Unable to buy a Guardian from the convenience store opposite the station so settled for an LRB and an Irish Independent. The headline to which last was all about the continuing fall of house prices in the Dublin area, against rises in most other places. Is the market still settling down after the bubble followed by crash of more than ten years ago now? We were also told about a sprint hurdler by the name of Sarah Lavin, who appears to have put herself through it in order to recover form after something called a stress fracture in one of her naviculars.

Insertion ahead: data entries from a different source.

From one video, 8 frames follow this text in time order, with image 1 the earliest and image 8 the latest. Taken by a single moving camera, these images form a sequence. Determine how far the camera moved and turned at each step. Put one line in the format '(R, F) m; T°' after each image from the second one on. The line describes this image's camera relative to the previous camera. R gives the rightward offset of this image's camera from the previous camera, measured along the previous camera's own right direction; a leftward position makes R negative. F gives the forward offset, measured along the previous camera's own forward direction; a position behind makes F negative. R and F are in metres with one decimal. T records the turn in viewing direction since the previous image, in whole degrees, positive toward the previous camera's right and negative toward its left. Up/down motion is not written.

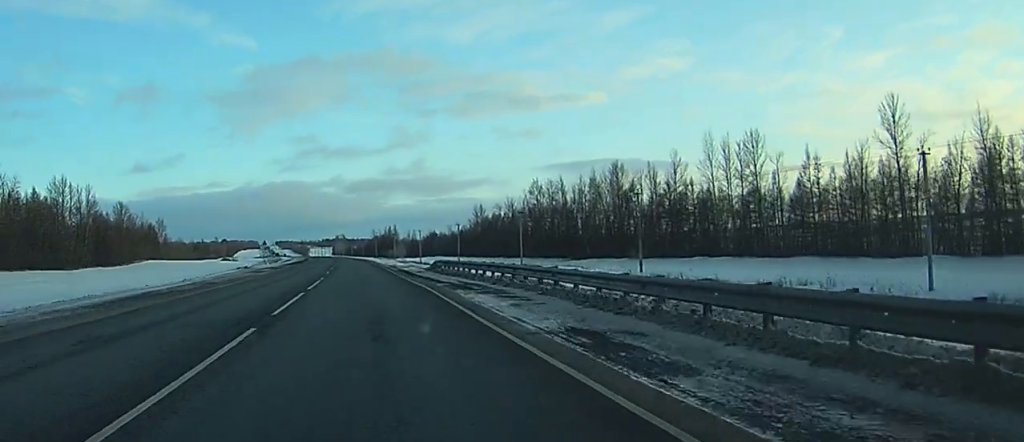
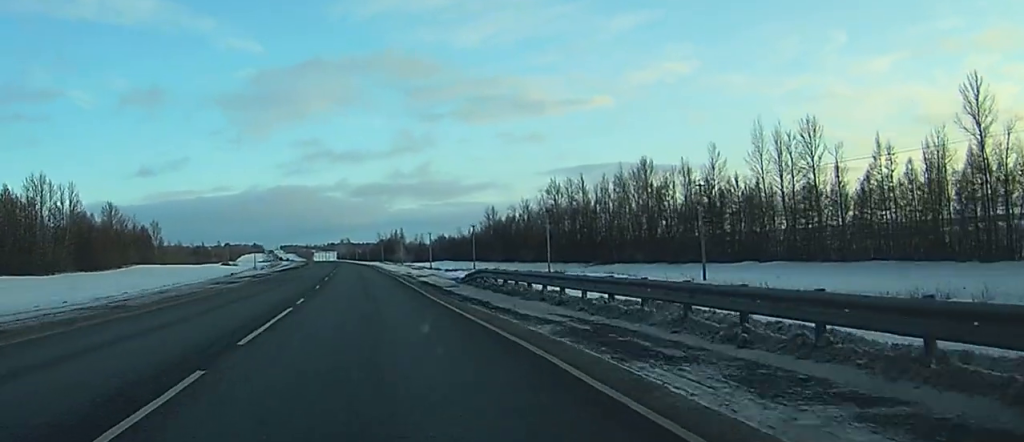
(-0.1, +17.0) m; 0°
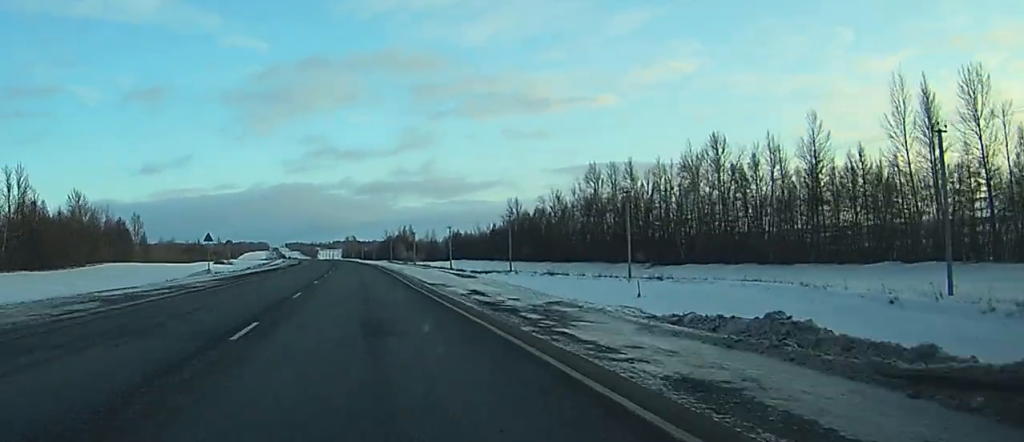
(-0.1, +35.1) m; 0°
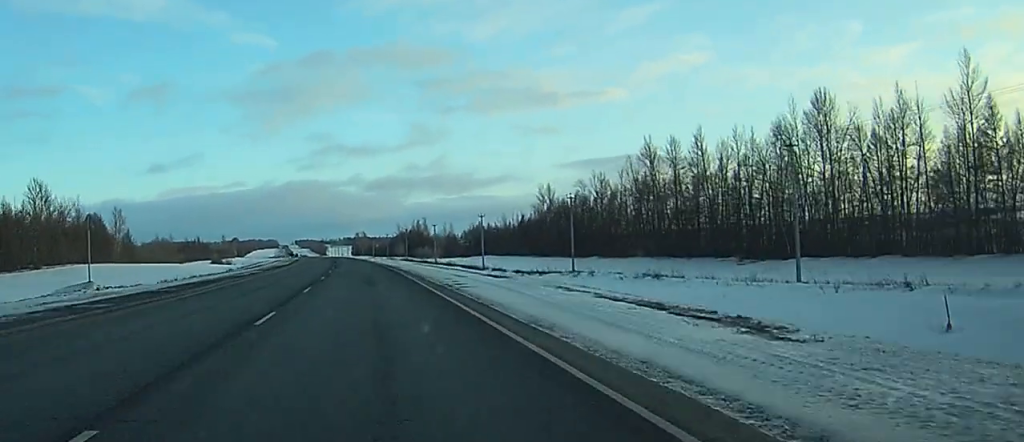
(-0.2, +33.4) m; -1°
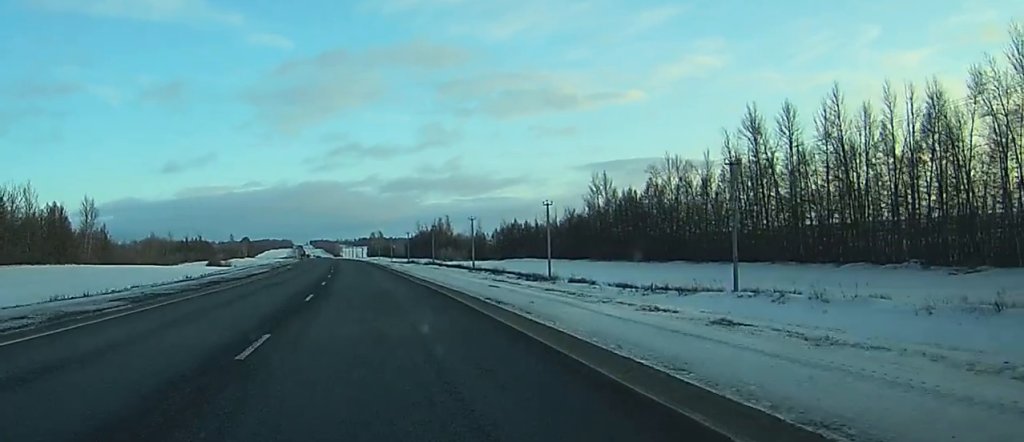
(-0.3, +40.4) m; -1°
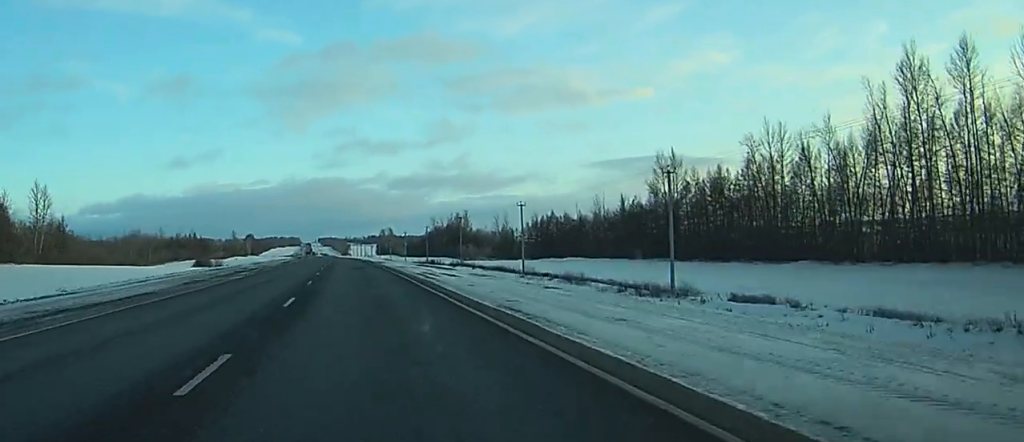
(-0.3, +38.7) m; -1°
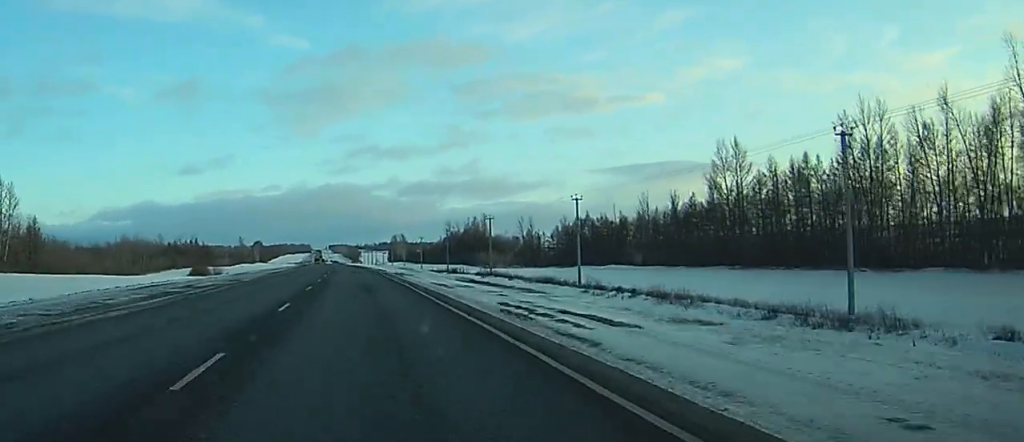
(0.0, +23.3) m; 0°
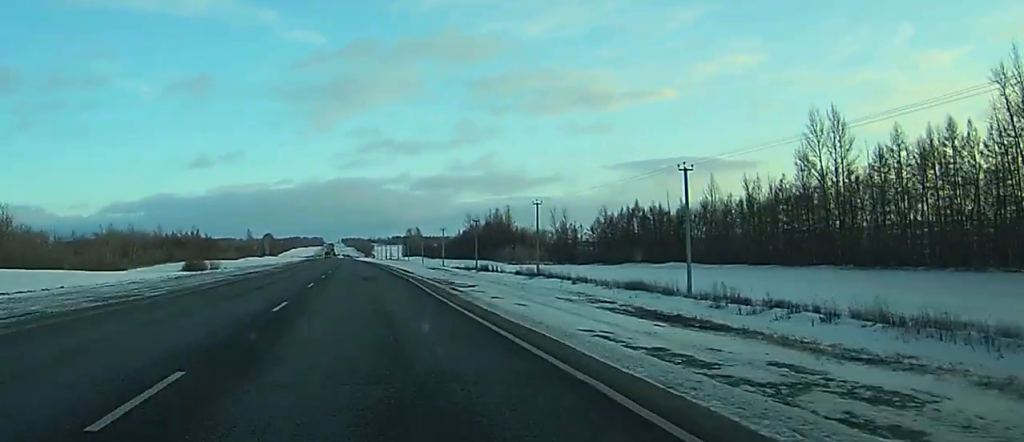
(-0.2, +26.3) m; -1°

Like in many other competitive disciplines these days, it seems that you can't both excel and have a normal young life - or even fail to excel and have a normal young life. Nor, in the case of ladies, to judge by her picture, do you retain much maidenly modesty. But a pleasant change from the Guardian, reminding me of the leading papers in Northern Ireland, Wales and Scotland. And, no doubt, the Channel Islands. All very old-fashioned and I don't suppose it is that long since they stopped doing farming and matrimonial advertisements.
Reference 1:
http://psmv4.blogspot.com/2019/06/fulham.html.
Reference 2:
https://pubshistory.com/LondonPubs/Fulham/KingsHead.shtml.
Reference 3:
https://www.pappaciccia.com/.
Reference 4:
http://psmv3.blogspot.com/2018/09/wigmore-one.html.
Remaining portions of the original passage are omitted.